=== Data for the task ===
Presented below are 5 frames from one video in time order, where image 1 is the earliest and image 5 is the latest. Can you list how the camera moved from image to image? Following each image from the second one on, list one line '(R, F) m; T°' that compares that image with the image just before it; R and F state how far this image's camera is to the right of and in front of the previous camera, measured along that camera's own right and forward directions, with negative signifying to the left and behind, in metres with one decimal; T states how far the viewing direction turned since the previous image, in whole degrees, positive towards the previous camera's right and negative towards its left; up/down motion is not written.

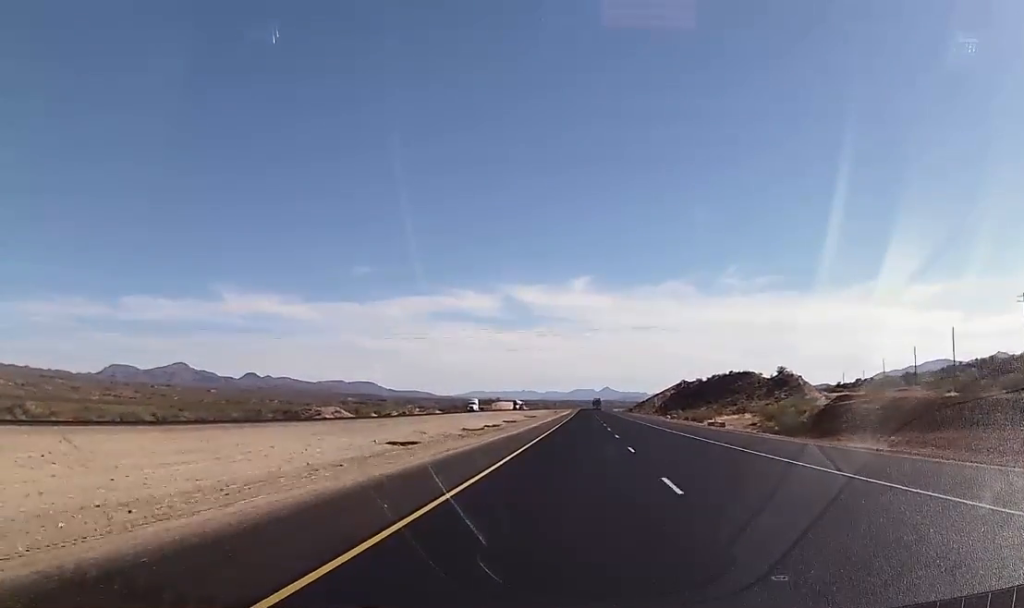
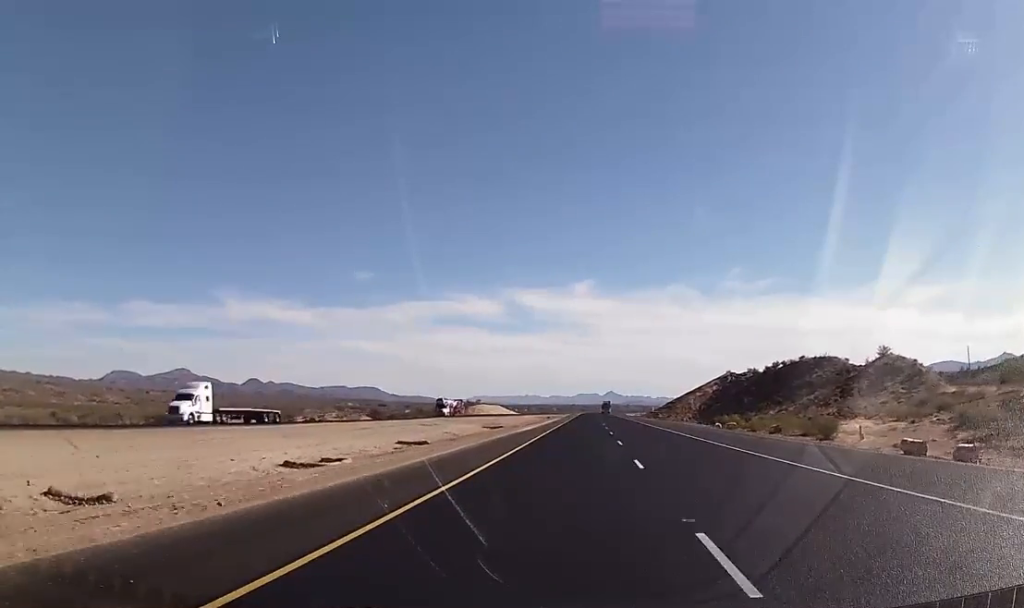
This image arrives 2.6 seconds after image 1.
(+0.8, +92.4) m; 0°
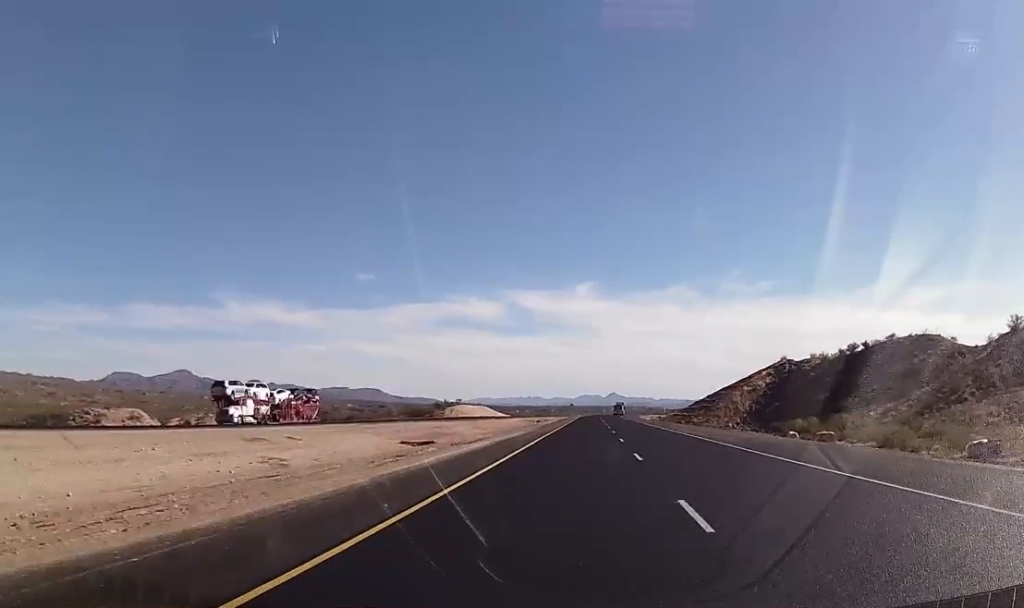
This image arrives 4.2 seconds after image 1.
(-1.0, +57.9) m; 0°
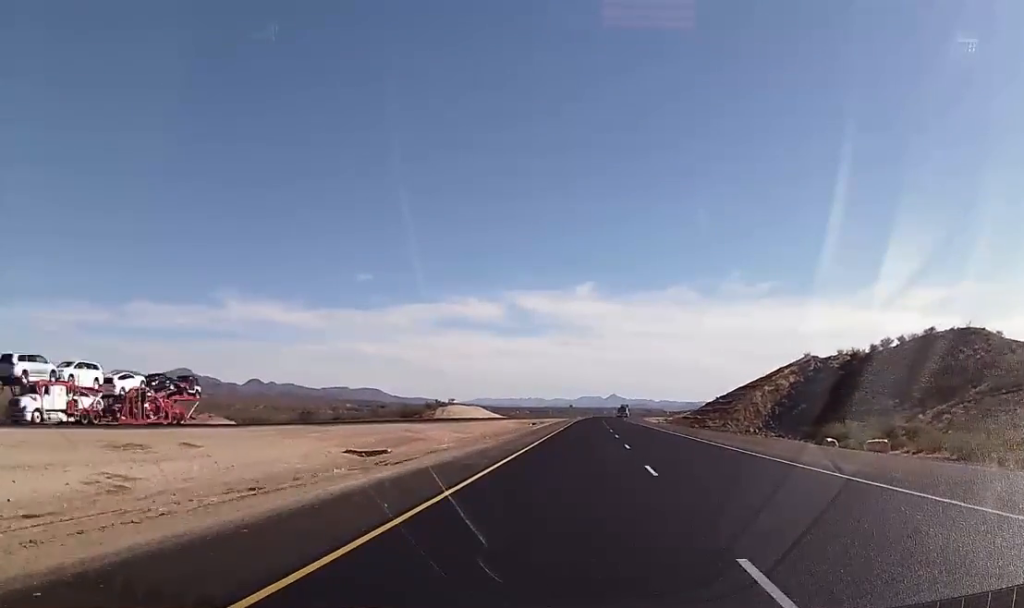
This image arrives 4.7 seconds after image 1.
(0.0, +16.5) m; 0°
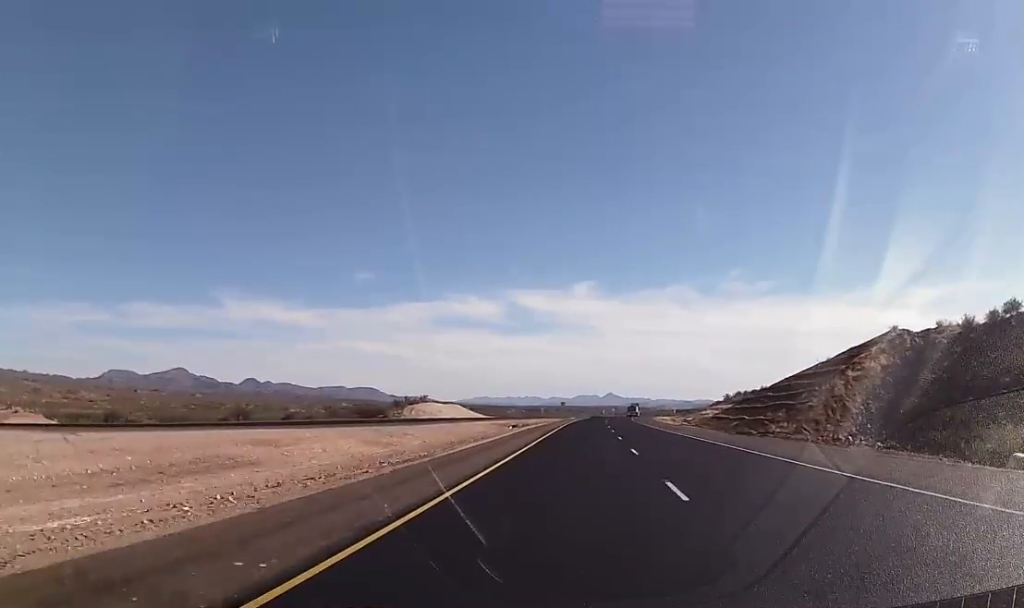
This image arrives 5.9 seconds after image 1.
(+0.1, +41.3) m; 0°
===
Print the listing word for word, but omit the pictures.

● The completed task:
Presented below are 5 frames from one video in time order, where image 1 is the earliest and image 5 is the latest. Can you list how the camera moved from image to image? Following each image from the second one on, list one line '(R, F) m; T°' that compares that image with the image just before it; R and F state how far this image's camera is to the right of and in front of the previous camera, measured along that camera's own right and forward directions, with negative signifying to the left and behind, in metres with one decimal; T states how far the viewing direction turned since the previous image, in whole degrees, positive towards the previous camera's right and negative towards its left; up/down motion is not written.

This image arrives 2.6 seconds after image 1.
(+0.8, +92.4) m; 0°
This image arrives 4.2 seconds after image 1.
(-1.0, +57.9) m; 0°
This image arrives 4.7 seconds after image 1.
(0.0, +16.5) m; 0°
This image arrives 5.9 seconds after image 1.
(+0.1, +41.3) m; 0°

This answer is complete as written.